Farrell, Sara et al. (2011) International Worm Meeting "Insulin signaling pathway genes facilitating thermotolerance and protein homeostasis."

Llop, Jesse, Stolzenburg, Lindsay, Samuelson, Andrew V., Farrell, Sara, Johnson, David

[International Worm Meeting, 2011]

The daf-2 insulin-like signaling pathway is the most potent pathway for lifespan extension in C. elegans, converging on the DAF-16 transcription factor to regulate a large number of genes including free radical detoxifying genes and stress resistance genes. During aging, specific protein damage by reactive oxygen species increases exponentially to challenge protein homeostasis. Activation of stress response pathways, with induction of heat shock proteins, is central to the maintenance of protein homeostasis after stress. The ability to maintain protein homeostasis depends on both chaperone-mediated protein folding and induction of heat shock proteins. Additionally, chronic growth at higher temperature shortens lifespan and accelerates aging, presumably due to increased thermal stress that negatively impacts protein homeostasis.
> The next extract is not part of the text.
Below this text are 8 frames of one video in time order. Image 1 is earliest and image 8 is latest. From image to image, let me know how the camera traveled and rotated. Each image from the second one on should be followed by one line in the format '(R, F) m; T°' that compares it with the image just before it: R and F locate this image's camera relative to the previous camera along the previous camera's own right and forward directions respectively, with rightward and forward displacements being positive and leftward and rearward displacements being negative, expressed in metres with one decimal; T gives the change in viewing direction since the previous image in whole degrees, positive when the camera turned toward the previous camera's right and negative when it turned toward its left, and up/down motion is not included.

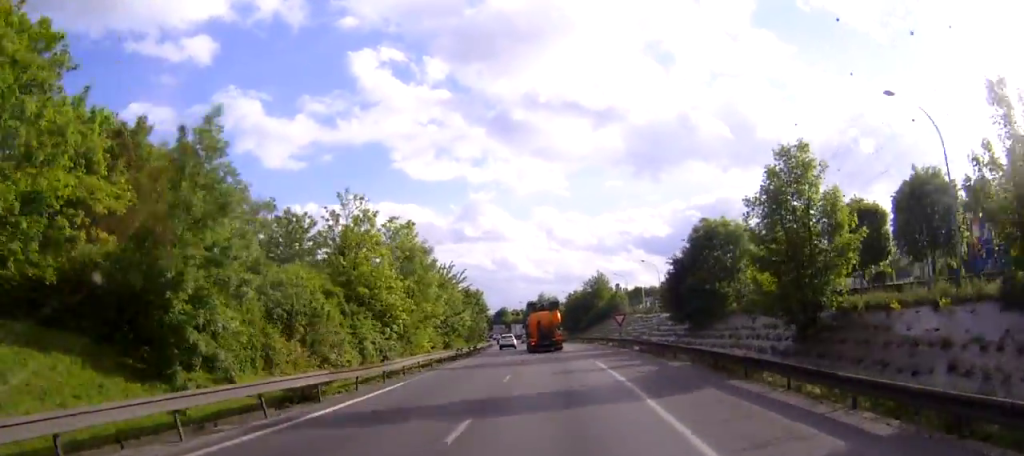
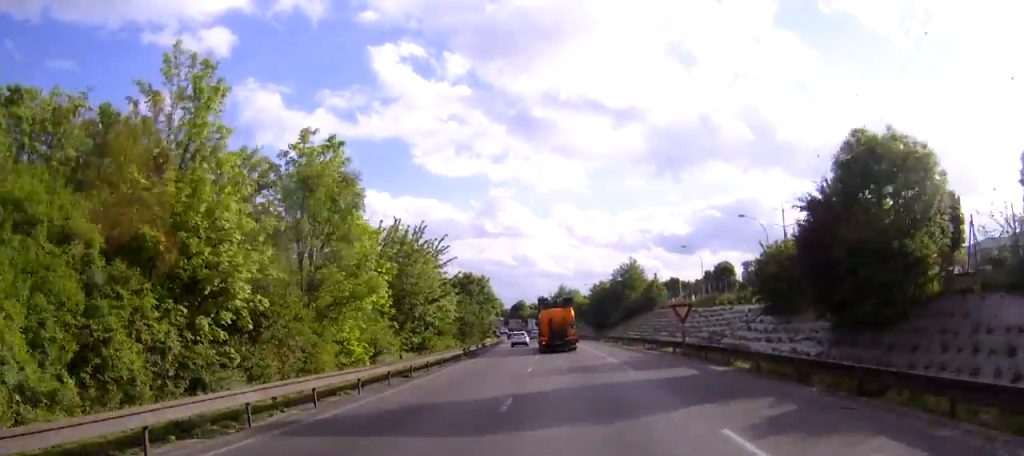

Protein homeostasis, as measured through protein aggregation is controlled by insulin signaling, dependent on HSF-1 and DAF-16. From a comprehensive functional genomic screen we have previously identified 103 genes that are necessary for decreased insulin signaling to extend lifespan. Animals are progeric after these gene inactivations by several independent measures including: premature age pigment accumulation and increased rate of aging, without drastically altering progeny production or an established biomarker for C. elegans aging; the activity ratio, or proportion of life an animal actively responds to stimuli. We sought to identify the progeric gene inactivations that impair the heat shock response or challenge protein homeostasis. The over-arching goal our research is to gain a comprehensive, systems-level understanding of the mechanisms that promote longevity in conditions of reduced daf-2 insulin-like signaling. We identified the progeric gene inactivations that are necessary for the increased intrinsic and acquired thermotolerance conferred by decreased insulin signaling. Additionally, we tested the progeric gene inactivations for differential lifespan at varying temperature, premature collapse of proteostasis, induction of heat shock proteins, and the suppression of hsf-1(o/e) lifespan. This comprehensive functional analysis identifies the subset of progeric gene inactivations that negatively impact protein homeostasis after acute or chronic stress.